◆ TASK BRIEF:
Note how many lines in the following material mention "text", then give that number by itself.

◆ RECORDS SUPPLIED:
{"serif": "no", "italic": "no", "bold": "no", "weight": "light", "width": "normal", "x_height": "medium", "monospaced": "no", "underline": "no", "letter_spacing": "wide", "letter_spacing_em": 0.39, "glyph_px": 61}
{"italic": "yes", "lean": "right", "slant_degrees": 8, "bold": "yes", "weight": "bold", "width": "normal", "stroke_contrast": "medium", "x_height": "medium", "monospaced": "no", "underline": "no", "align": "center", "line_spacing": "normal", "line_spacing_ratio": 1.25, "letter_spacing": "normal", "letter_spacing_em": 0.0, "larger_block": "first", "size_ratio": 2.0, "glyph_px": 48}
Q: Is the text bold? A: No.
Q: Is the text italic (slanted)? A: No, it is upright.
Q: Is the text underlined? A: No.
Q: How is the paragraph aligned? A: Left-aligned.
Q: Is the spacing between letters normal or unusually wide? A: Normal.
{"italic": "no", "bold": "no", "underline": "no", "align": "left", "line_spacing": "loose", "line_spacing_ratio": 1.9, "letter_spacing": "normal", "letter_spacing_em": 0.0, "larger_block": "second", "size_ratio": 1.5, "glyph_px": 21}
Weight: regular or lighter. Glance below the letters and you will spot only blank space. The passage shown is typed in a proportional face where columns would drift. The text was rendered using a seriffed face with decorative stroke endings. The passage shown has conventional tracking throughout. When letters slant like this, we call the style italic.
==
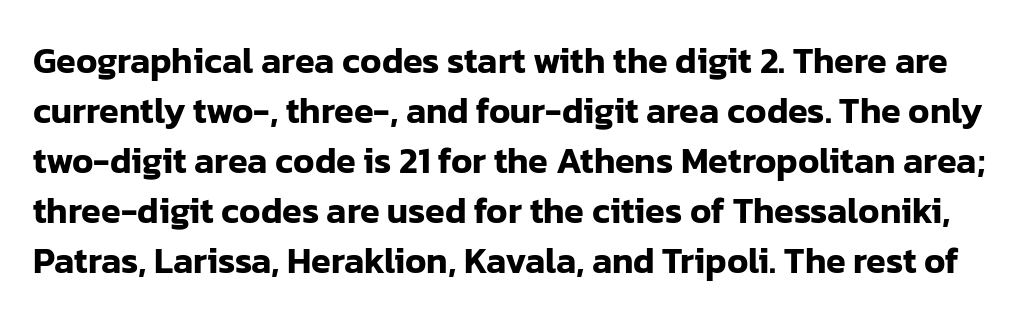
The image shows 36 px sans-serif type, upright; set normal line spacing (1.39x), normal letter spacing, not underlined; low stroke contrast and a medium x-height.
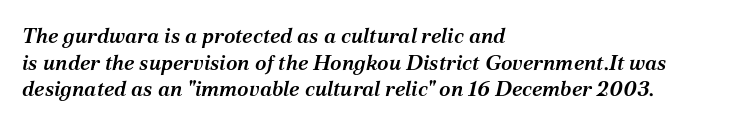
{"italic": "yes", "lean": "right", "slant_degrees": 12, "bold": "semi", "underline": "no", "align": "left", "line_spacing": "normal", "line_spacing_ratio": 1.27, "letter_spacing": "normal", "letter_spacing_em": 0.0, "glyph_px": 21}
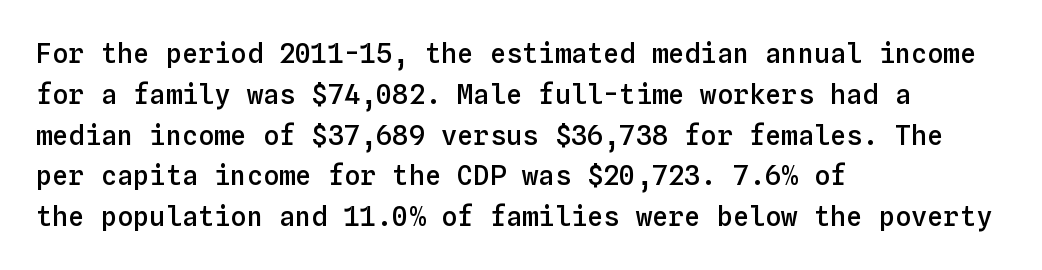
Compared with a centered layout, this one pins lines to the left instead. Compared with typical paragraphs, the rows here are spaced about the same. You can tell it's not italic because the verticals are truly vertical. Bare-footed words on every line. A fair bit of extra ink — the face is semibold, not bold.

◆ EXPECTED ANSWER:
4